I slept with Aimee in the bed with me. I propped her up in her boppy right next to me with the railing keeping her extra safe. As soon as we got to our room Joe pretty much passed out for the night. I was way to wound up to sleep though. So Mom and I sat up visiting for a few hours. I don't think we tried to sleep until around 3am. Every time I would fall asleep a nurse would come in to check on us or take blood or vitals. The whole night I lay there listening to Mom and Joe snoring away while I stared at my beautiful baby girl. I was just awe struck by her beauty. The rest of the hospital stay pretty much consisted of me nursing Aimee and trying unsuccessfully to get some sleep. Mom helped me with Aimee and she never had to go to the nursery. I think Joe was asleep pretty much the whole 2 days we were there.
I was in so much pain from all the tearing that it hurt to even move. Every time I had to sit up to nurse or get out of bed to pee was agonizing and took at least 10 minutes. On the plus side though. We had such a pretty scene outside our windows. It had snowed at least 3 feet while I was in labor and the hospital sat at the top of a hill overlooking the town. We watched deer running in the woods out the window and I walked the halls looking at the view.
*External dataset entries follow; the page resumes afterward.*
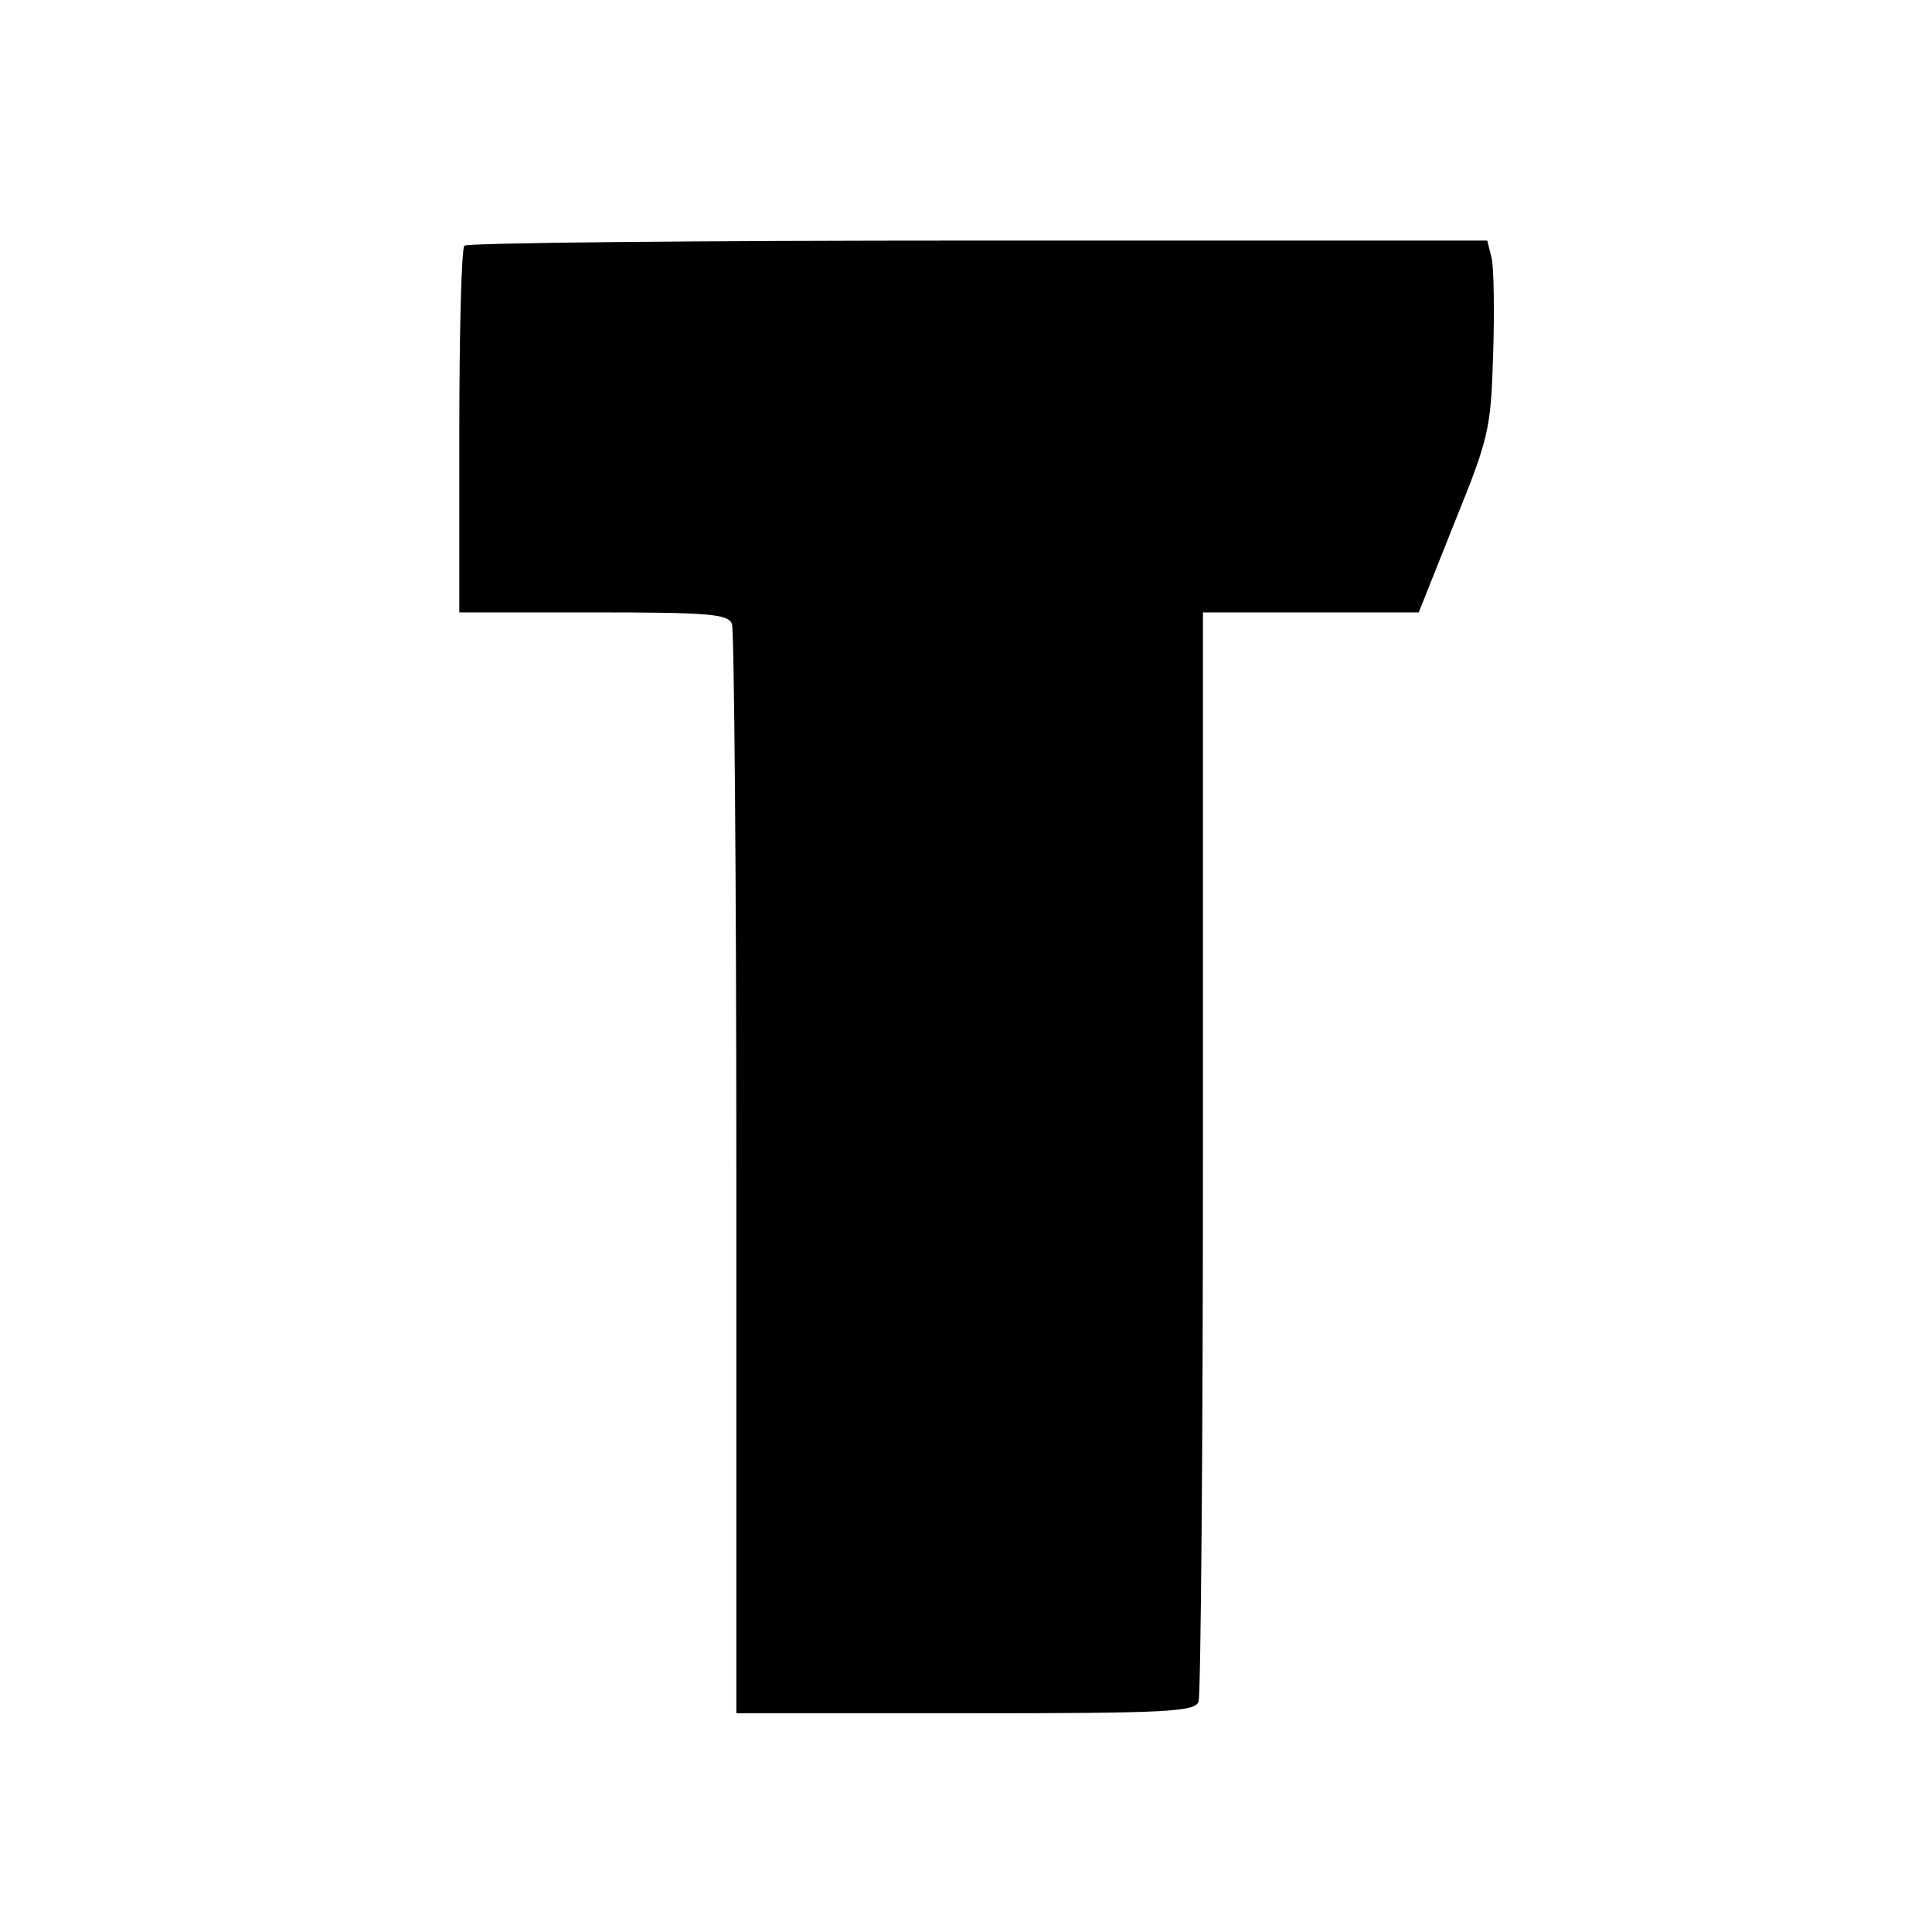 <?xml version="1.0" standalone="no"?>
<!DOCTYPE svg PUBLIC "-//W3C//DTD SVG 20010904//EN"
 "http://www.w3.org/TR/2001/REC-SVG-20010904/DTD/svg10.dtd">
<svg version="1.0" xmlns="http://www.w3.org/2000/svg"
 width="265pt" height="265pt" viewBox="0 0 265 265"
 preserveAspectRatio="xMidYMid meet">
<g transform="translate(0,265) scale(0.1,-0.1)"
fill="#000000" stroke="none">
<path d="M637 2313 c-4 -3 -7 -118 -7 -255 l0 -248 184 0 c158 0 185 -2 190
-16 3 -9 6 -348 6 -755 l0 -739 314 0 c277 0 315 2 320 16 3 9 6 348 6 755 l0
739 148 0 148 0 49 123 c47 116 50 128 53 230 2 60 1 119 -2 133 l-6 24 -699
0 c-384 0 -701 -3 -704 -7z"/>
</g>
</svg>

After our 2 day stay it was time to go home. We packed everything up. Including the 2 diaper bags, formula samples, and gift baskets the hospital gave us. We bundled Aimee up in her carseat and headed home. It was such a relief to be in my own house again. I instantly felt so much better. Mom and Joe took Aimee and made me take a nap. It was the first real sleep I had gotten in weeks. In the days ahead we got used to life with a newborn. I breastfed so there wasn't much anyone could do to help me feed Aimee or get more sleep. My Mom helped out a lot though around the house and taking care of Aimee where she could.
That's about all I really remember about the whole process. Aimee was such a good baby from the beginning and life just kind of settled by itself. And now looking back, almost 2 years later, I can't figure out where the time went.